WHAT IS NEEDED
Starting at the first line of the listing below, repeat each line exactly until the line containing "[t=12.5s-t=17.0s]", which you include. Leave out pictures.

DATA EXTRACT
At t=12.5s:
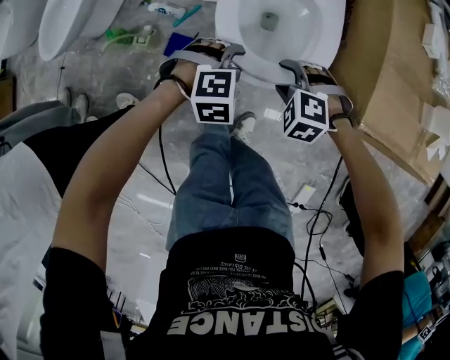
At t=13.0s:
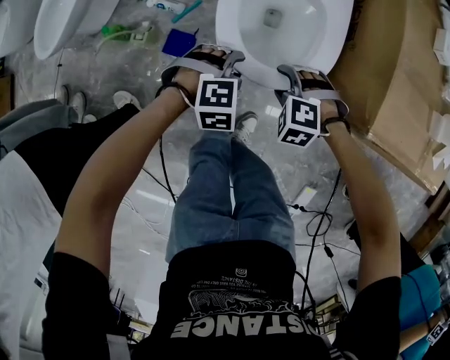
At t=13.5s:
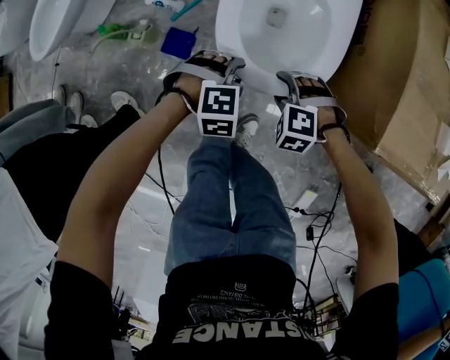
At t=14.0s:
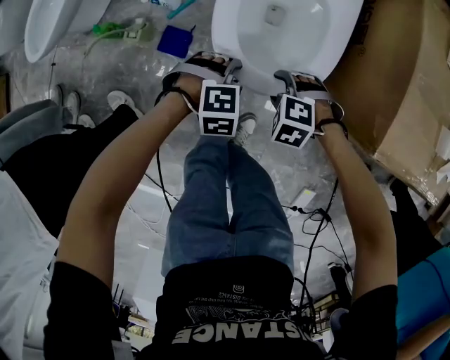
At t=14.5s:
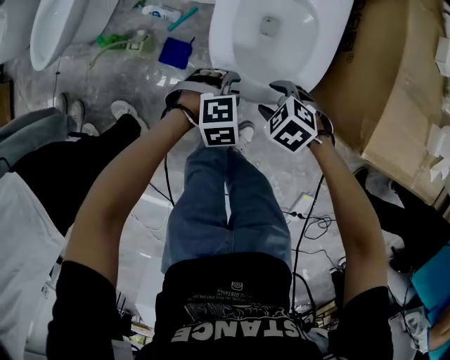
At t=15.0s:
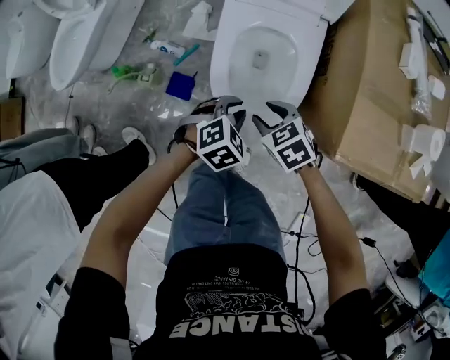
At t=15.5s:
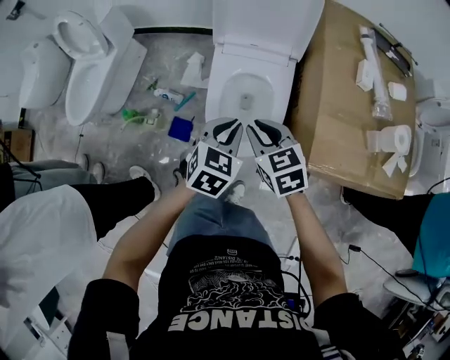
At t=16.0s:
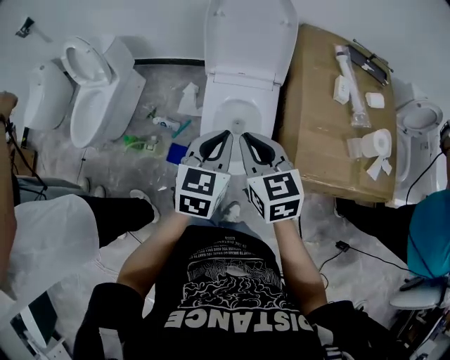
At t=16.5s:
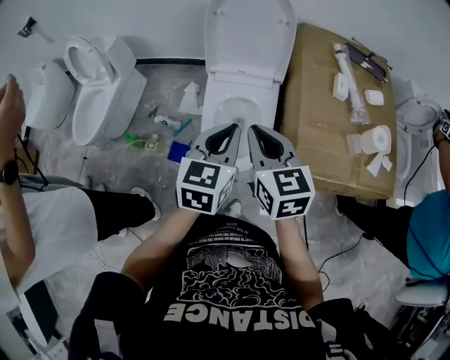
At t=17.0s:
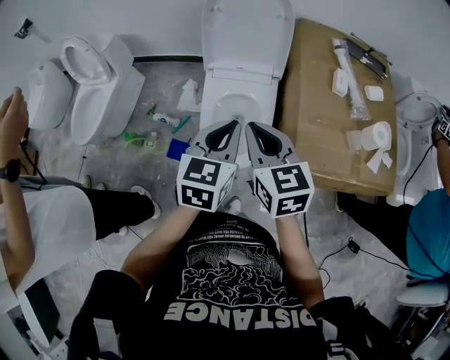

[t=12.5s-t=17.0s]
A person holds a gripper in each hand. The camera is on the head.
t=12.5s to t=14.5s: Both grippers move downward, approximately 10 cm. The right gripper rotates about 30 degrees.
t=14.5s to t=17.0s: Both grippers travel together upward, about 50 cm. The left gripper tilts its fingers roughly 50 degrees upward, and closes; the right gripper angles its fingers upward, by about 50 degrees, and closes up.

ANSWER SPACE
At t=12.5s:
At t=13.0s:
At t=13.5s:
At t=14.0s:
At t=14.5s:
At t=15.0s:
At t=15.5s:
At t=16.0s:
At t=16.5s:
At t=17.0s:

[t=12.5s-t=17.0s]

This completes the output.